Task prompt
Each line of the material should be set down exactly. Pictures are not part of the copy.
==============================
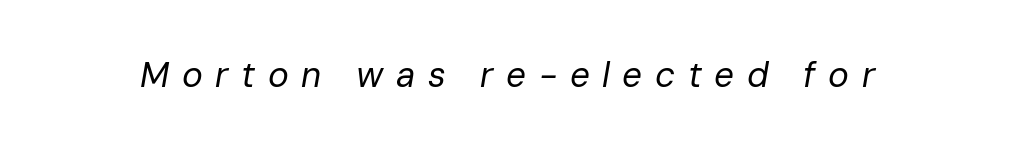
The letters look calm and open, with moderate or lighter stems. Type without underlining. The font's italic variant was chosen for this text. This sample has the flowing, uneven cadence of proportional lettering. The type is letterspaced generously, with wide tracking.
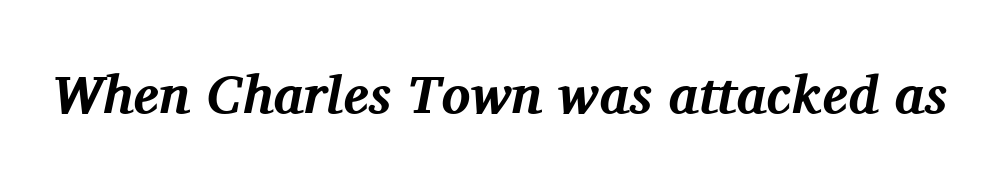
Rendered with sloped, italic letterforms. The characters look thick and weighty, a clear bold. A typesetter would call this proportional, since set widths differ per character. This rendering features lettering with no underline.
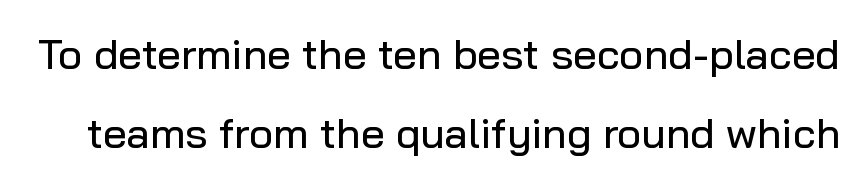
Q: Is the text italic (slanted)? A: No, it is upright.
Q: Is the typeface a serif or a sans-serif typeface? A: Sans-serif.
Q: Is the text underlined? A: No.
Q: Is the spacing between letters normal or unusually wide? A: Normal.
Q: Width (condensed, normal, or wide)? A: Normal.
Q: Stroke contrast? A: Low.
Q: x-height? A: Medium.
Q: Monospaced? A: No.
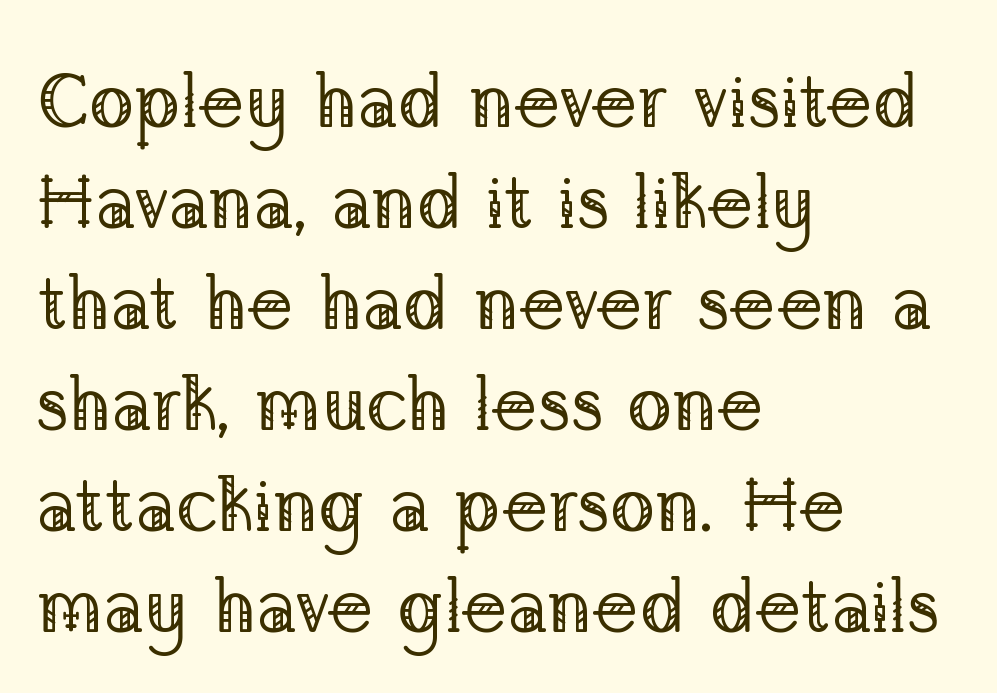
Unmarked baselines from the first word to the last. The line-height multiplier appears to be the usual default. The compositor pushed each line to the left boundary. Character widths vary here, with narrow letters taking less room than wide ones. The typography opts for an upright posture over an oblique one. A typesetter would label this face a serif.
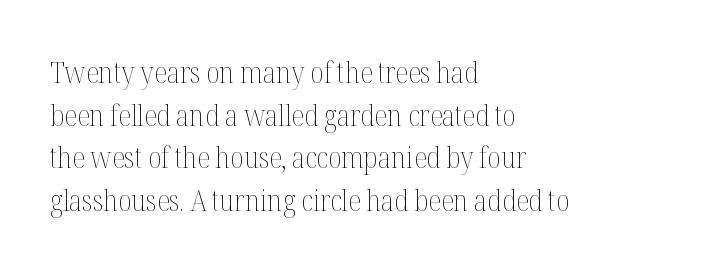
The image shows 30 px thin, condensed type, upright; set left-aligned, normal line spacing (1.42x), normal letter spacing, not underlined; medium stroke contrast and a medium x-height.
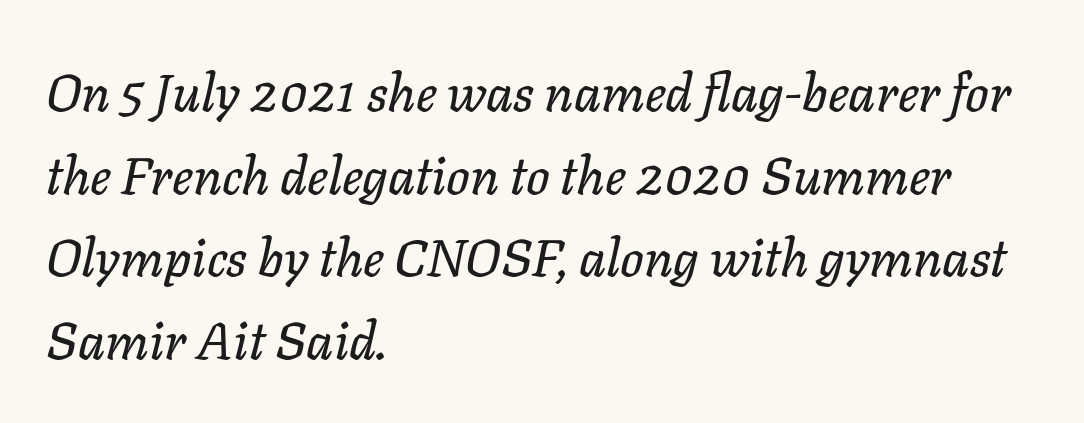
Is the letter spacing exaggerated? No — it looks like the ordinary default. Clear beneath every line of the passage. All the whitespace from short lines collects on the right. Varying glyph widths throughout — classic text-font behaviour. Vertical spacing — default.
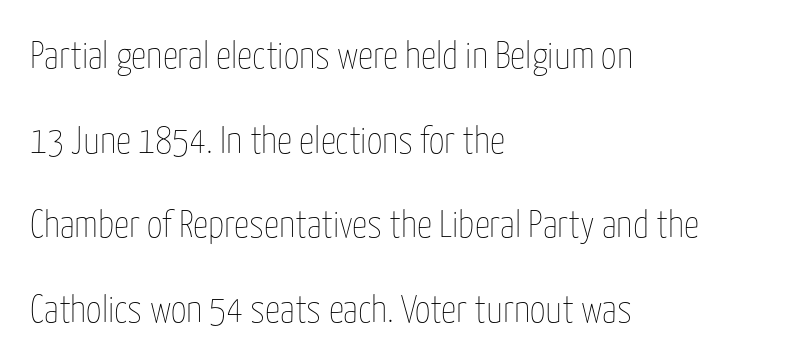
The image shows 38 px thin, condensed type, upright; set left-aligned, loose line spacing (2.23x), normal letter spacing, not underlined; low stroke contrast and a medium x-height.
==============================
Completed task
The letters look calm and open, with moderate or lighter stems. Type without underlining. The font's italic variant was chosen for this text. This sample has the flowing, uneven cadence of proportional lettering. The type is letterspaced generously, with wide tracking.
Rendered with sloped, italic letterforms. The characters look thick and weighty, a clear bold. A typesetter would call this proportional, since set widths differ per character. This rendering features lettering with no underline.
Q: Is the text italic (slanted)? A: No, it is upright.
Q: Is the typeface a serif or a sans-serif typeface? A: Sans-serif.
Q: Is the text underlined? A: No.
Q: Is the spacing between letters normal or unusually wide? A: Normal.
Q: Width (condensed, normal, or wide)? A: Normal.
Q: Stroke contrast? A: Low.
Q: x-height? A: Medium.
Q: Monospaced? A: No.
Unmarked baselines from the first word to the last. The line-height multiplier appears to be the usual default. The compositor pushed each line to the left boundary. Character widths vary here, with narrow letters taking less room than wide ones. The typography opts for an upright posture over an oblique one. A typesetter would label this face a serif.
The image shows 30 px thin, condensed type, upright; set left-aligned, normal line spacing (1.42x), normal letter spacing, not underlined; medium stroke contrast and a medium x-height.
Is the letter spacing exaggerated? No — it looks like the ordinary default. Clear beneath every line of the passage. All the whitespace from short lines collects on the right. Varying glyph widths throughout — classic text-font behaviour. Vertical spacing — default.
The image shows 38 px thin, condensed type, upright; set left-aligned, loose line spacing (2.23x), normal letter spacing, not underlined; low stroke contrast and a medium x-height.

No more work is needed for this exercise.